What is Family Mediation Week?

Partner Claire Dyer, in our leading Family Law team, explains Resolution's Family Mediation Week, which runs until 22 January.

Resolution’s Family Mediation Week runs this week, from 18 to 22 January 2021, with the aim of raising awareness of family mediation and how it can help separating families resolve their disputes constructively. Resolution is the family lawyers’ organisation which supports settling family disputes in a non-confrontational way.

Blandy & Blandy will be joining the campaign, by providing resources and information to:

  • explain what family meditation is
  • help separating couples decide whether mediation is for them
  • discuss the benefits of family mediation
  • Connect separating couples with mediation professionals

What is family mediation?

In mediation, the couple will meet with an impartial and specially trained family mediator or co-mediator to explain what needs to be settled, to explore the options available and consider ways of reaching agreement without going to court. The mediator acts as an impartial facilitator to help participants narrow the issues in dispute between them and hold constructive and focused discussions. The mediator helps each party to understand the other’s view point and to work towards mutually acceptable outcomes for them and for any children.
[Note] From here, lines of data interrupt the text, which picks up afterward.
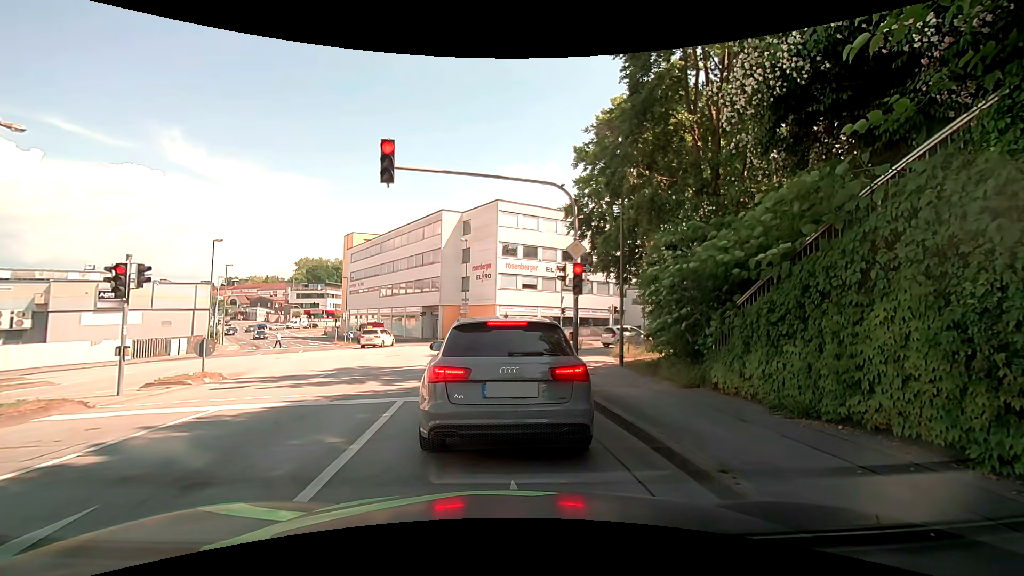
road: tertiary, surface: asphalt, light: Day
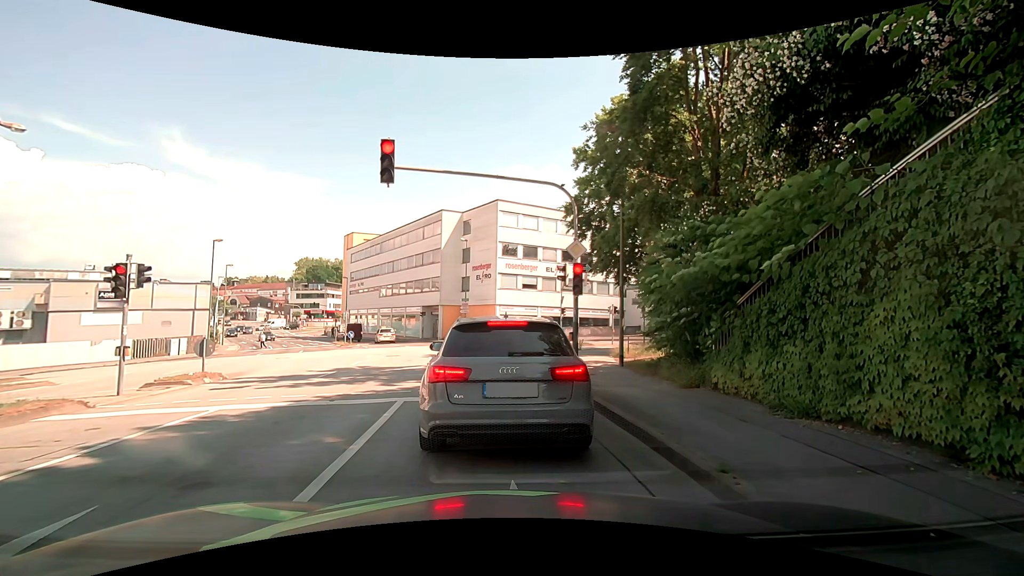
(0.0, 0.0) m; 0°
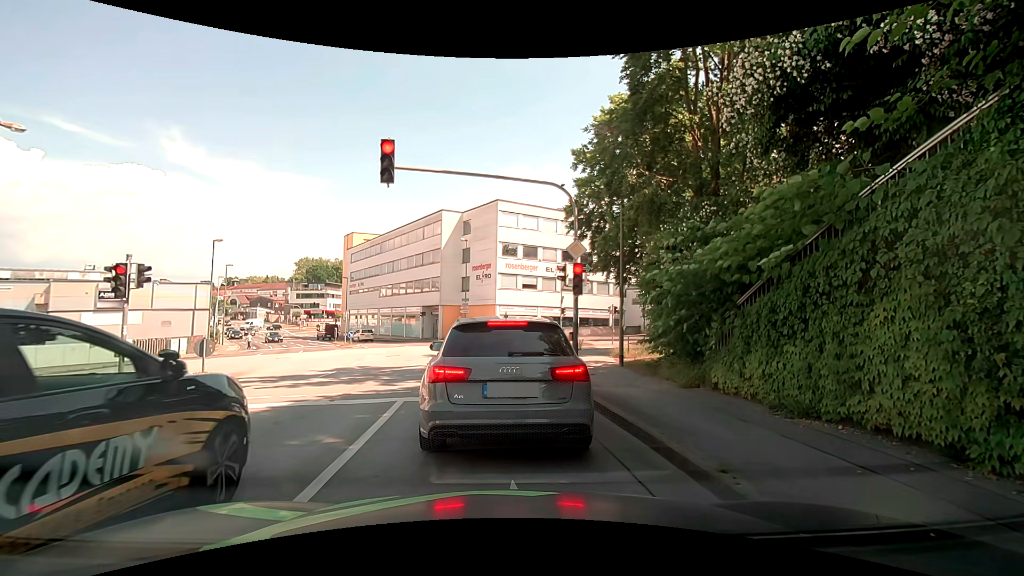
(0.0, 0.0) m; 0°
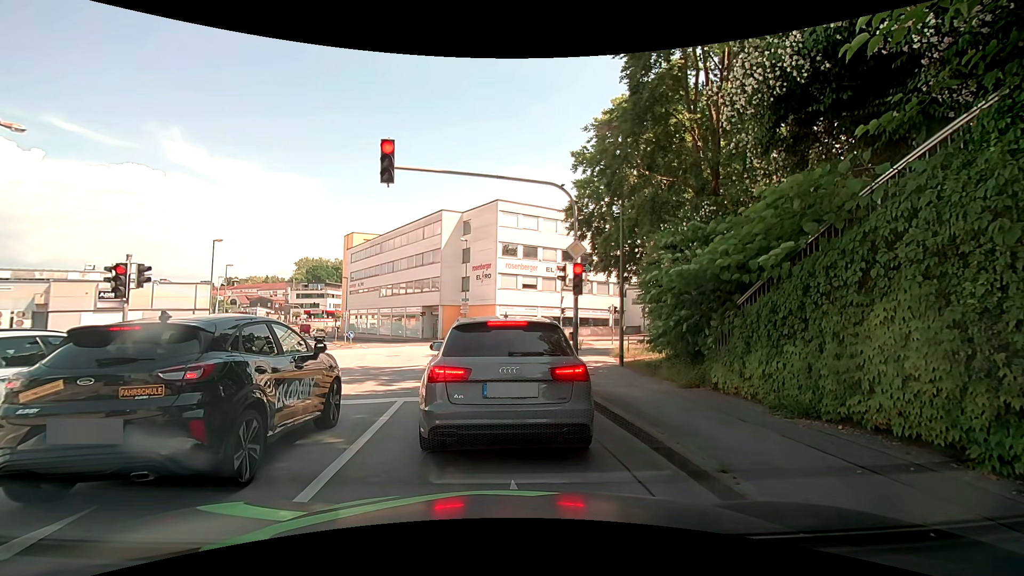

All discussions are confidential between the parties and mediator can’t be brought forward into any subsequent court proceedings. Even if you try mediation and only reach resolution on some issues, this can reduce the number of outstanding issues which a court might need to address.

When could you try family mediation?

  • - Married couples can discuss whether to divorce, and discuss how to manage the process
  • - Married couples can use the mediation process to resolve their finances on divorce
  • - Unmarried couples can discuss property or child-related arrangements on separation
  • - Parents can discuss how they will spend their time and how future decisions affecting their children will be made
  • - Other disputes in family law may also be suitable for mediation

Key benefits of family mediation

It is far quicker and cheaper than going to court, it is flexible according to your timetable as to how many sessions are needed and when they are held. It is also far less stressful for most people than attending court hearings. The outcome of discussions is in your hands; rather than being left to a judge or arbitrator to decide. This has positive implications for both parties sticking to the settlement in future. The tone of the process as well as the skill of a professional mediator helps to minimise hostility and build communication channels for the future, which is particularly important where there are children involved.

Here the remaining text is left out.